ABOUT THIS EXERCISE — Output the records. Match them exactly.

INPUT MATERIAL —

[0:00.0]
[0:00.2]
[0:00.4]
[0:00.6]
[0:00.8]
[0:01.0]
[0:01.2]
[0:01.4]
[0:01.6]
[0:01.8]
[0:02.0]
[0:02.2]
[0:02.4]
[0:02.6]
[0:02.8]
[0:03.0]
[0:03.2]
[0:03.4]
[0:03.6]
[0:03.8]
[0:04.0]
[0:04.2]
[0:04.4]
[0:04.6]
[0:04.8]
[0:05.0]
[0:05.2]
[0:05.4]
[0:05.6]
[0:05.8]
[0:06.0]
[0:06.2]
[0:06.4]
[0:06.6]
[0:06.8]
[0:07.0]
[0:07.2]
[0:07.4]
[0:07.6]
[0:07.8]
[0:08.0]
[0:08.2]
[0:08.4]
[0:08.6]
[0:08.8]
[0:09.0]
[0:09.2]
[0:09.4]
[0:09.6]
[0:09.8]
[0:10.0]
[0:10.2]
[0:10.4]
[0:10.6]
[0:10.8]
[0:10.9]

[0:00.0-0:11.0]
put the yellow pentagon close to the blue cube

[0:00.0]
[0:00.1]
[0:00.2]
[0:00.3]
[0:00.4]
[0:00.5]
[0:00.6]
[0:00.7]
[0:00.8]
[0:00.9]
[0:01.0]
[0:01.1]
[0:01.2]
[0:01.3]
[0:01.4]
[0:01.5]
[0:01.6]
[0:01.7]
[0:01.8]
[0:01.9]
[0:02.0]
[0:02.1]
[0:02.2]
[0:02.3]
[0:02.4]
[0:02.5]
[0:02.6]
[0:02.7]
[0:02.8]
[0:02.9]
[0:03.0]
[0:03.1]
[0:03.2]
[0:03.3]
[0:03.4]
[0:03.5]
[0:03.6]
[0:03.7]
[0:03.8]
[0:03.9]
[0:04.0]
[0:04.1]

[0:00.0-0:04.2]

ANSWER AREA —
[0:00.0]
[0:00.2]
[0:00.4]
[0:00.6]
[0:00.8]
[0:01.0]
[0:01.2]
[0:01.4]
[0:01.6]
[0:01.8]
[0:02.0]
[0:02.2]
[0:02.4]
[0:02.6]
[0:02.8]
[0:03.0]
[0:03.2]
[0:03.4]
[0:03.6]
[0:03.8]
[0:04.0]
[0:04.2]
[0:04.4]
[0:04.6]
[0:04.8]
[0:05.0]
[0:05.2]
[0:05.4]
[0:05.6]
[0:05.8]
[0:06.0]
[0:06.2]
[0:06.4]
[0:06.6]
[0:06.8]
[0:07.0]
[0:07.2]
[0:07.4]
[0:07.6]
[0:07.8]
[0:08.0]
[0:08.2]
[0:08.4]
[0:08.6]
[0:08.8]
[0:09.0]
[0:09.2]
[0:09.4]
[0:09.6]
[0:09.8]
[0:10.0]
[0:10.2]
[0:10.4]
[0:10.6]
[0:10.8]
[0:10.9]

[0:00.0-0:11.0]
put the yellow pentagon close to the blue cube

[0:00.0]
[0:00.1]
[0:00.2]
[0:00.3]
[0:00.4]
[0:00.5]
[0:00.6]
[0:00.7]
[0:00.8]
[0:00.9]
[0:01.0]
[0:01.1]
[0:01.2]
[0:01.3]
[0:01.4]
[0:01.5]
[0:01.6]
[0:01.7]
[0:01.8]
[0:01.9]
[0:02.0]
[0:02.1]
[0:02.2]
[0:02.3]
[0:02.4]
[0:02.5]
[0:02.6]
[0:02.7]
[0:02.8]
[0:02.9]
[0:03.0]
[0:03.1]
[0:03.2]
[0:03.3]
[0:03.4]
[0:03.5]
[0:03.6]
[0:03.7]
[0:03.8]
[0:03.9]
[0:04.0]
[0:04.1]

[0:00.0-0:04.2]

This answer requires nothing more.